St Michael's Church, Trelawnyd, is in the village of Trelawnyd, Flintshire, Wales. Former Anglican parish church. Previously in the benefice of Dyserth and Trelawnyd and Cwm, the deanery of St Asaph, the archdeaconry of St Asaph, and the diocese of St Asaph. The church is designated by Cadw as a Grade II* listed building.

==History==
The first documentary reference to the church is in 1291 but the present church was not built until 1724. During a restoration in 1863 a gallery was added to the west end, the roof was re-slated and the walls were plastered. In 1895–97 a major restoration was carried out by the Chester firm of Douglas and Fordham when the plaster and the gallery were removed, and a new east window was installed. The other windows were replaced, and a new pulpit, lectern and pews were added. The arch of the porch was replaced, a stone cross was added to the east gable and the bell turret was remodelled.

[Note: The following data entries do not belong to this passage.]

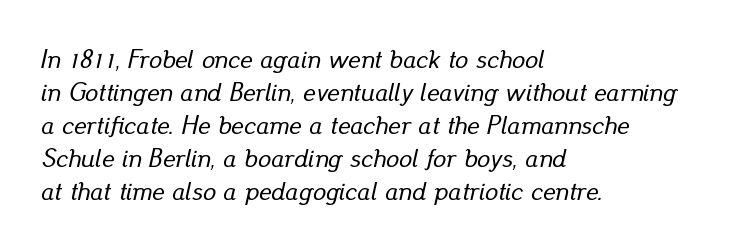
The image shows 26 px text type, italic (leaning right); set left-aligned, normal line spacing (1.27x), normal letter spacing, not underlined.
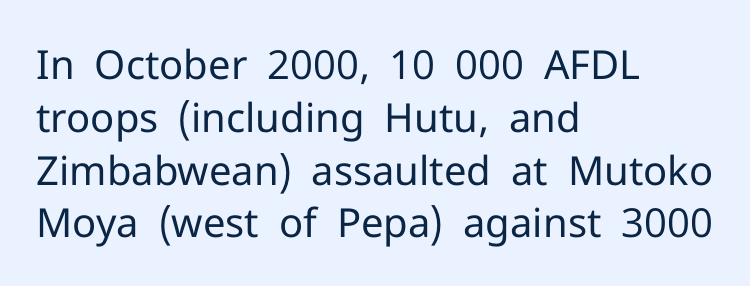
{"serif": "no", "italic": "no", "bold": "no", "weight": "regular", "width": "normal", "stroke_contrast": "low", "x_height": "medium", "monospaced": "no", "underline": "no", "align": "left", "line_spacing": "normal", "line_spacing_ratio": 1.32, "letter_spacing": "normal", "letter_spacing_em": 0.0, "glyph_px": 40}
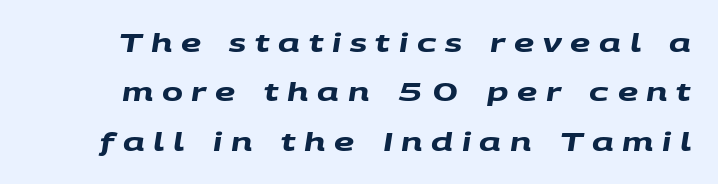
Q: Is the text bold? A: Yes.
Q: Is the text underlined? A: No.
Q: Is the spacing between letters normal or unusually wide? A: Unusually wide.
Q: Is the spacing between lines tight, normal or loose? A: Loose.
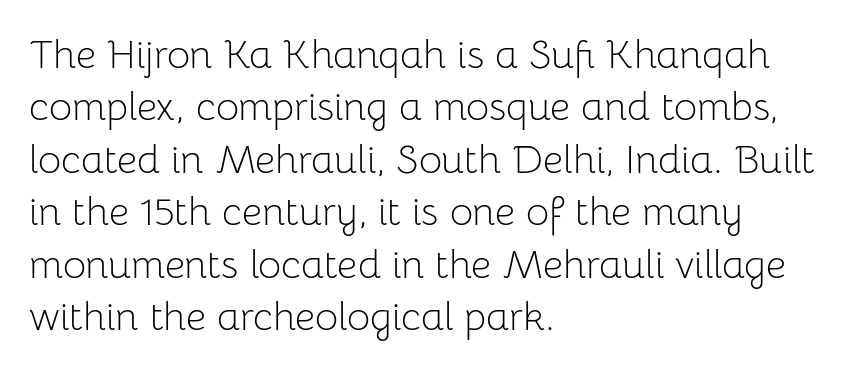
The image shows 40 px light sans-serif type, upright; set left-aligned, normal line spacing (1.31x), normal letter spacing, not underlined; low stroke contrast and a medium x-height.
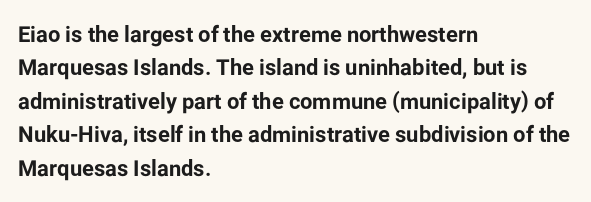
{"italic": "no", "bold": "yes", "underline": "no", "align": "left", "line_spacing": "normal", "line_spacing_ratio": 1.52, "letter_spacing": "normal", "letter_spacing_em": 0.0, "glyph_px": 22}
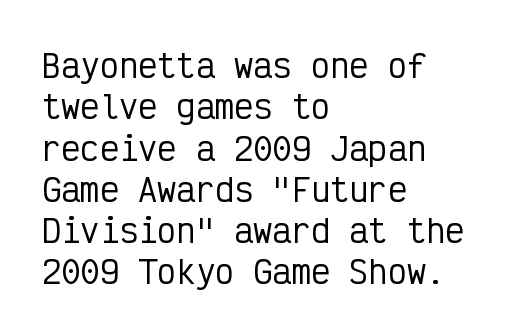
In terms of leading, this rendering sits right in the middle. Layout note: lines flush left. Each letter, wide or thin by design, is forced into the same width here. If you drew a line through each stem, it would be perfectly vertical. Any mark beneath the type? The region is blank. The letters sit at their default tracking, neither squeezed nor spread.
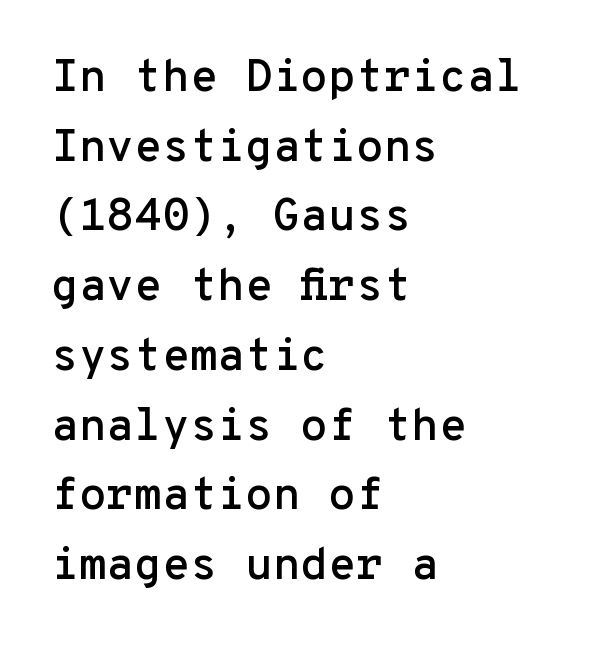
Q: Is the text italic (slanted)? A: No, it is upright.
Q: Is the typeface a serif or a sans-serif typeface? A: Sans-serif.
Q: Is the text underlined? A: No.
Q: How is the paragraph aligned? A: Left-aligned.
Q: Is the spacing between letters normal or unusually wide? A: Normal.
Q: Is the spacing between lines tight, normal or loose? A: Normal.
Q: Width (condensed, normal, or wide)? A: Normal.
Q: Stroke contrast? A: Low.
Q: x-height? A: Medium.
Q: Monospaced? A: Yes.
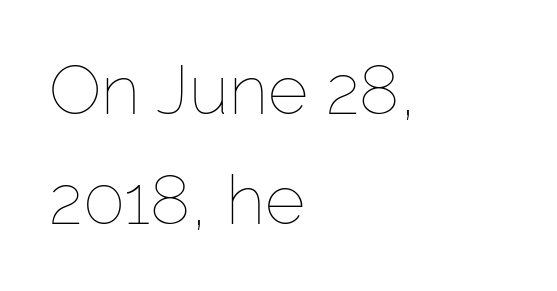
Q: Is the text bold? A: No.
Q: Is the text italic (slanted)? A: No, it is upright.
Q: Is the text underlined? A: No.
Q: How is the paragraph aligned? A: Left-aligned.
Q: Is the spacing between letters normal or unusually wide? A: Normal.
Q: Is the spacing between lines tight, normal or loose? A: Normal.
Q: Width (condensed, normal, or wide)? A: Normal.
Q: Stroke contrast? A: Low.
Q: x-height? A: Medium.
Q: Monospaced? A: No.
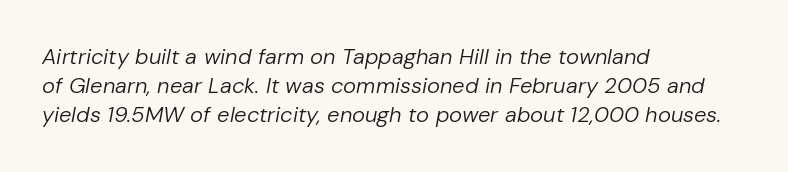
Q: Is the text bold? A: No.
Q: Is the text italic (slanted)? A: Yes, it leans right by about 10 degrees.
Q: Is the text underlined? A: No.
Q: How is the paragraph aligned? A: Left-aligned.
Q: Is the spacing between letters normal or unusually wide? A: Normal.
Q: Is the spacing between lines tight, normal or loose? A: Normal.
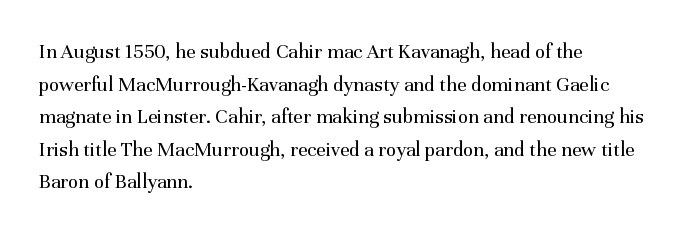
The image shows 21 px text type, upright; set left-aligned, normal line spacing (1.55x), normal letter spacing, not underlined.
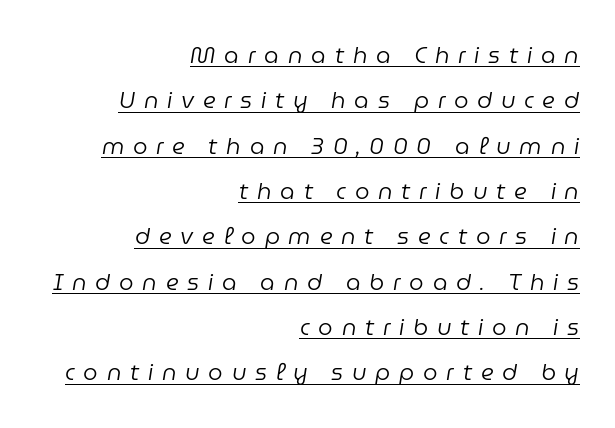
A light-to-regular cut is what we see here. Like a heading marked for emphasis, these lines bear an underscore. Is the type slanted? Yes — the strokes lean at a clear angle. Caption: expanded tracking, letters set apart.
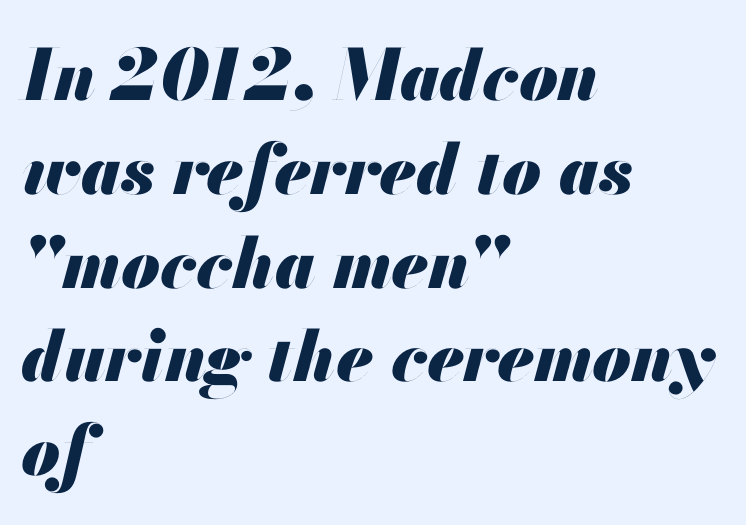
Q: Is the text bold? A: Yes.
Q: Is the text italic (slanted)? A: Yes, it leans right by about 13 degrees.
Q: Is the text underlined? A: No.
Q: How is the paragraph aligned? A: Left-aligned.
Q: Is the spacing between letters normal or unusually wide? A: Normal.
Q: Is the spacing between lines tight, normal or loose? A: Normal.
Q: Width (condensed, normal, or wide)? A: Normal.
Q: Stroke contrast? A: Medium.
Q: x-height? A: Small.
Q: Monospaced? A: No.
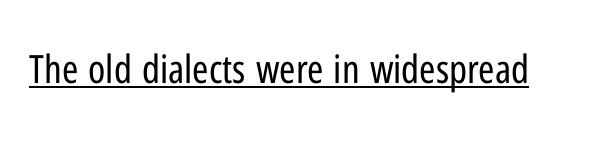
The image shows 39 px regular-weight, condensed sans-serif type, upright; set normal letter spacing, underlined; low stroke contrast and a medium x-height.
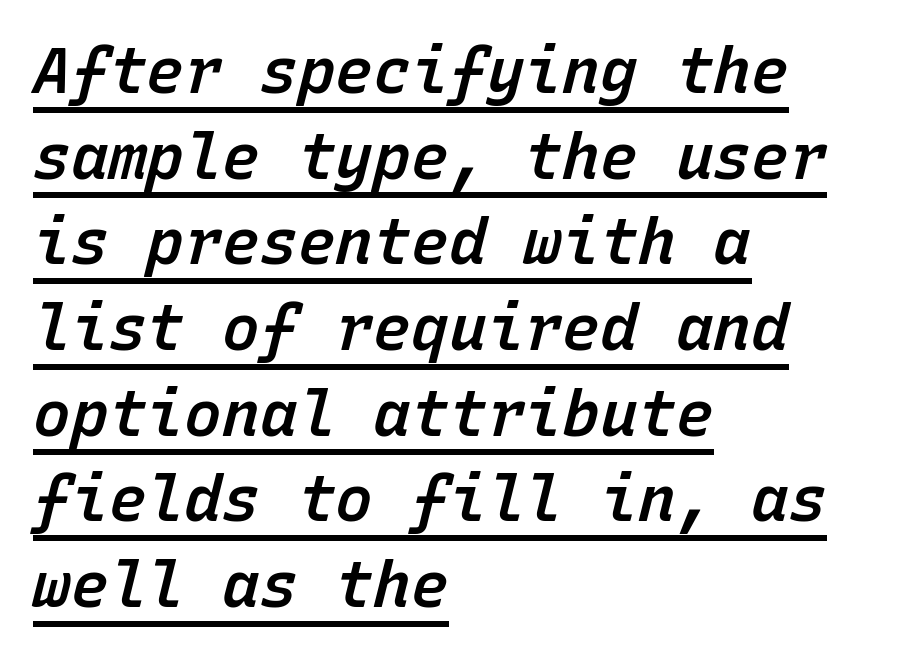
The image shows 63 px semibold type, italic (leaning right), monospaced; set left-aligned, normal line spacing (1.36x), normal letter spacing, underlined; low stroke contrast and a medium x-height.
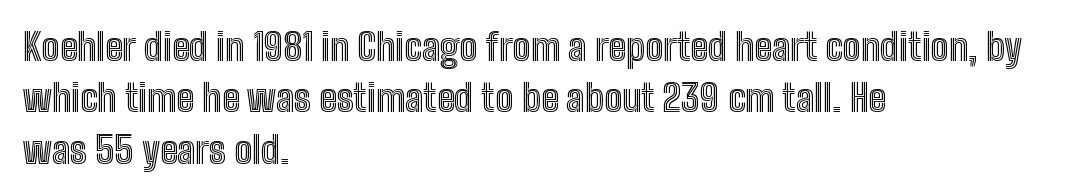
Horizontal bands of white between lines are of average thickness. The foot of each line stays bare and open. Posture: vertical. Words appear dense and cohesive because spacing is normal.
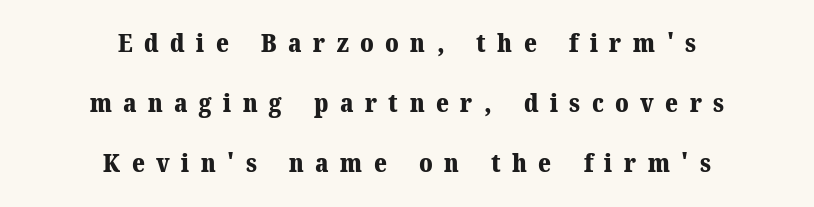
Q: Is the text bold? A: Yes.
Q: Is the text italic (slanted)? A: No, it is upright.
Q: Is the text underlined? A: No.
Q: How is the paragraph aligned? A: Centered.
Q: Is the spacing between letters normal or unusually wide? A: Unusually wide.
Q: Is the spacing between lines tight, normal or loose? A: Loose.
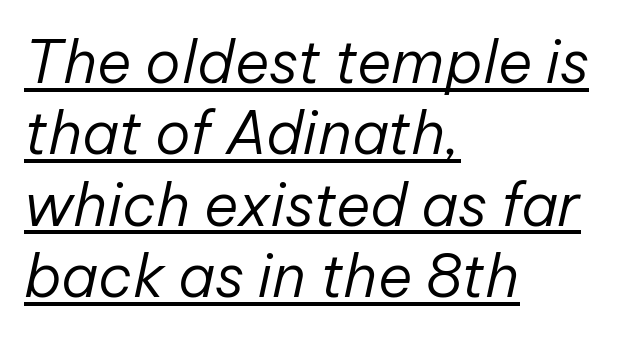
The image shows 59 px regular-weight type, italic (leaning right); set left-aligned, line spacing 1.21x, normal letter spacing, underlined; low stroke contrast and a medium x-height.
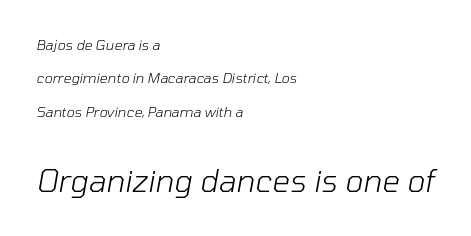
Q: Is the text bold? A: No.
Q: Is the text italic (slanted)? A: Yes, it leans right by about 10 degrees.
Q: Is the text underlined? A: No.
Q: How is the paragraph aligned? A: Left-aligned.
Q: Is the spacing between letters normal or unusually wide? A: Normal.
Q: Is the spacing between lines tight, normal or loose? A: Loose.
Q: Which block of text is set in a larger size, the first (top) or the second (bottom)? A: The second (bottom) one.
Q: Width (condensed, normal, or wide)? A: Normal.
Q: Stroke contrast? A: Low.
Q: x-height? A: Medium.
Q: Monospaced? A: No.
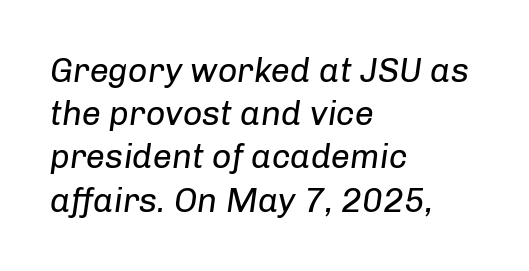
Q: Is the text bold? A: No.
Q: Is the text italic (slanted)? A: Yes, it leans right by about 8 degrees.
Q: Is the text underlined? A: No.
Q: How is the paragraph aligned? A: Left-aligned.
Q: Is the spacing between letters normal or unusually wide? A: Normal.
Q: Is the spacing between lines tight, normal or loose? A: Normal.
Q: Width (condensed, normal, or wide)? A: Normal.
Q: Stroke contrast? A: Low.
Q: x-height? A: Medium.
Q: Monospaced? A: No.
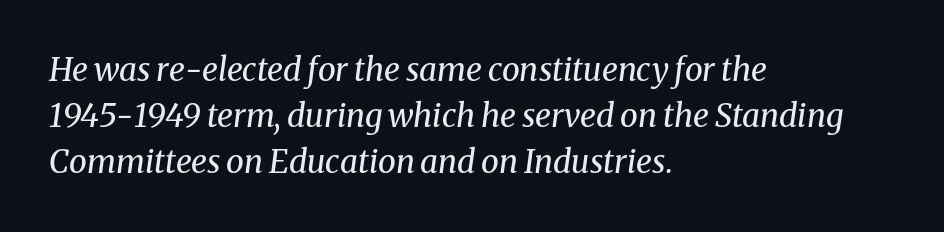
The image shows 32 px regular-weight serif type, italic (leaning right); set left-aligned, normal line spacing (1.44x), normal letter spacing, not underlined; medium stroke contrast and a medium x-height.
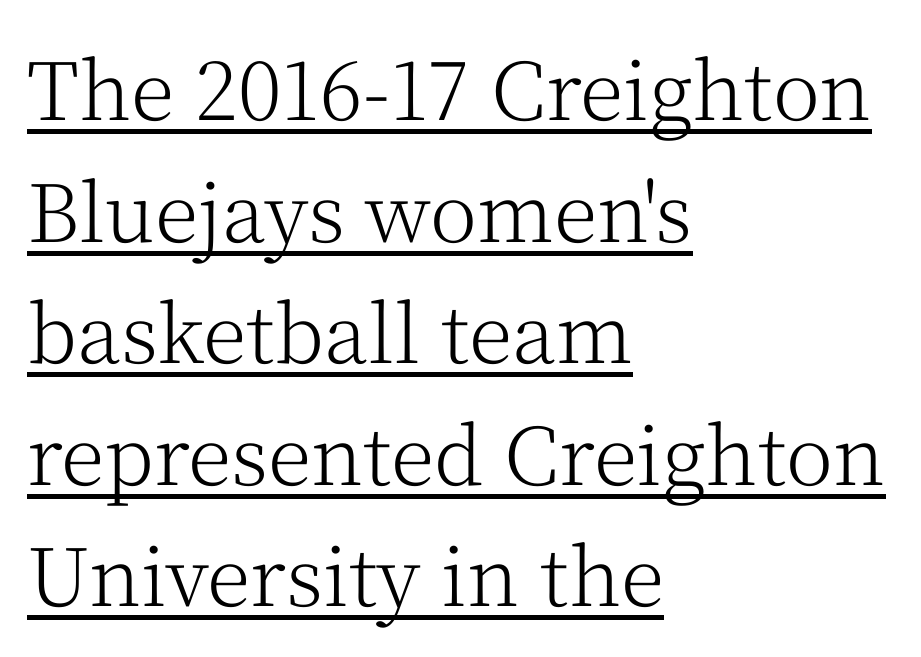
Proportional: the letters do not fall into vertical columns. These lines stack with their left ends in a neat column. Ascenders rise straight up at ninety degrees. The type family on display is of the serif kind.
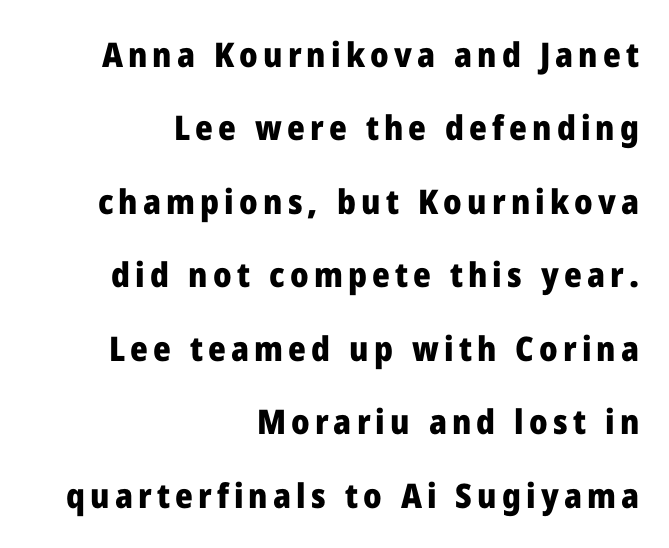
{"serif": "no", "italic": "no", "bold": "yes", "weight": "heavy", "width": "normal", "stroke_contrast": "low", "x_height": "medium", "monospaced": "no", "underline": "no", "align": "right", "line_spacing": "loose", "line_spacing_ratio": 2.16, "glyph_px": 34}
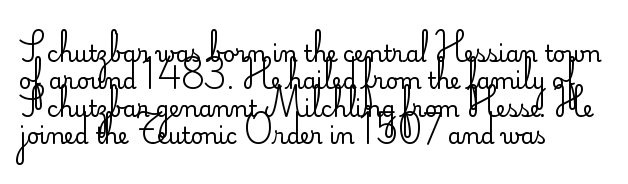
The image shows 22 px text type, upright; set left-aligned, line spacing 1.24x, normal letter spacing, not underlined.
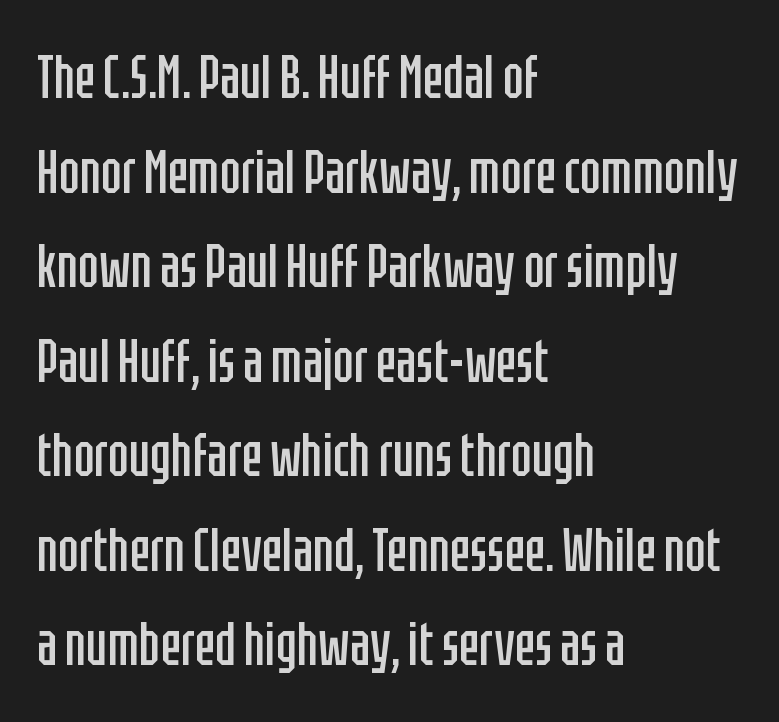
{"serif": "no", "italic": "no", "bold": "no", "weight": "regular", "width": "condensed", "stroke_contrast": "low", "x_height": "large", "monospaced": "no", "underline": "no", "align": "left", "line_spacing": "normal", "line_spacing_ratio": 1.55, "letter_spacing": "normal", "letter_spacing_em": 0.0, "glyph_px": 61}
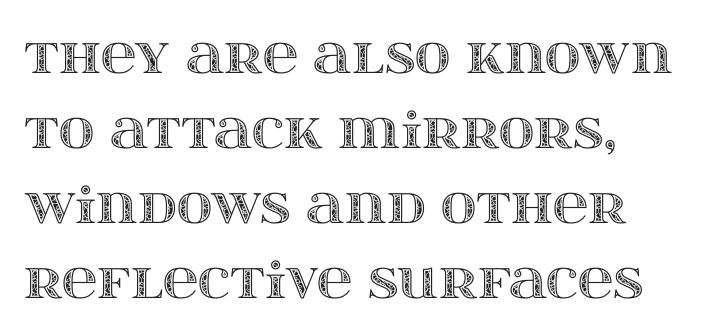
Typeset ragged right — the left edge is the straight one. Students, note that the glyphs here touch the page at normal intervals. In terms of leading, this rendering sits right in the middle. Every stem runs plumb, perpendicular to the baseline. Is this a fixed-width face? No — the glyphs have proportional, varying widths. Words float on clear page, feet unadorned.
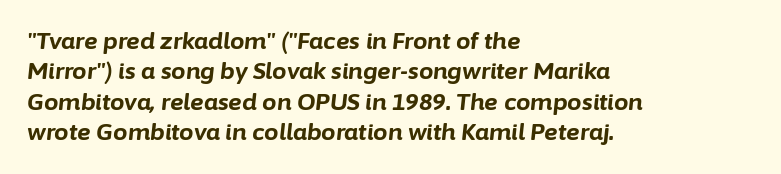
The image shows 23 px bold type, italic (leaning right); set left-aligned, normal line spacing (1.32x), normal letter spacing, not underlined.
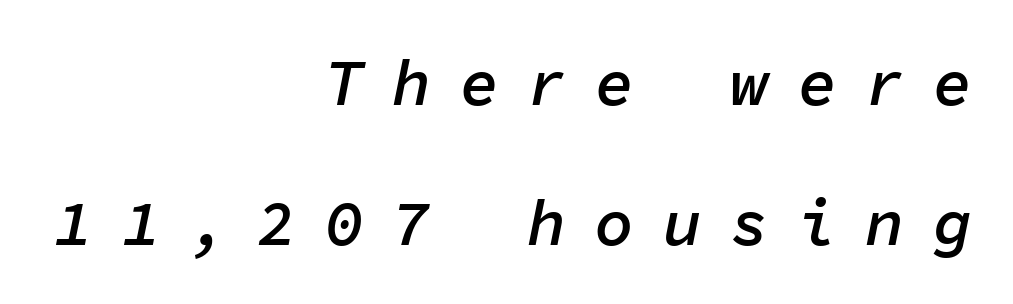
Does the lettering tilt? It does — this is italic. The zone under the glyphs is completely vacant. Spacing verdict: monospaced, one width for all characters. Leftover space on each line is placed entirely before the opening word.
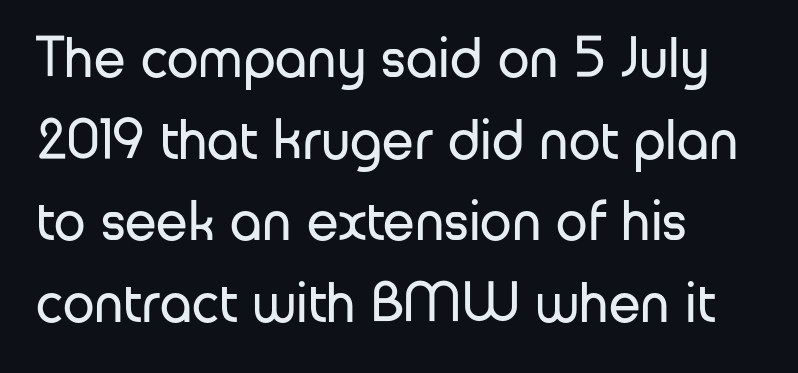
The specimen omits any rule beneath the text block's lines. Caption: multi-line text, flush left, ragged right. The face used here is rendered with its standard letterfit. Think of a printed novel: that variable character pitch is what you see here. Heaviness? Minimal to ordinary, like unemphasized prose. The axis of the letterforms is exactly vertical.

In 1917 a vestry was added to the north side of the church by the same firm of architects, now known as Douglas, Minshall and Muspratt.

==Architecture==
===Structure===
The church is built in limestone with sandstone dressings. The roof is of slate with stone ridge tiles. Its plan consists of a nave and chancel in one chamber, a south porch, a north vestry and a bellcote with a single bell at the west.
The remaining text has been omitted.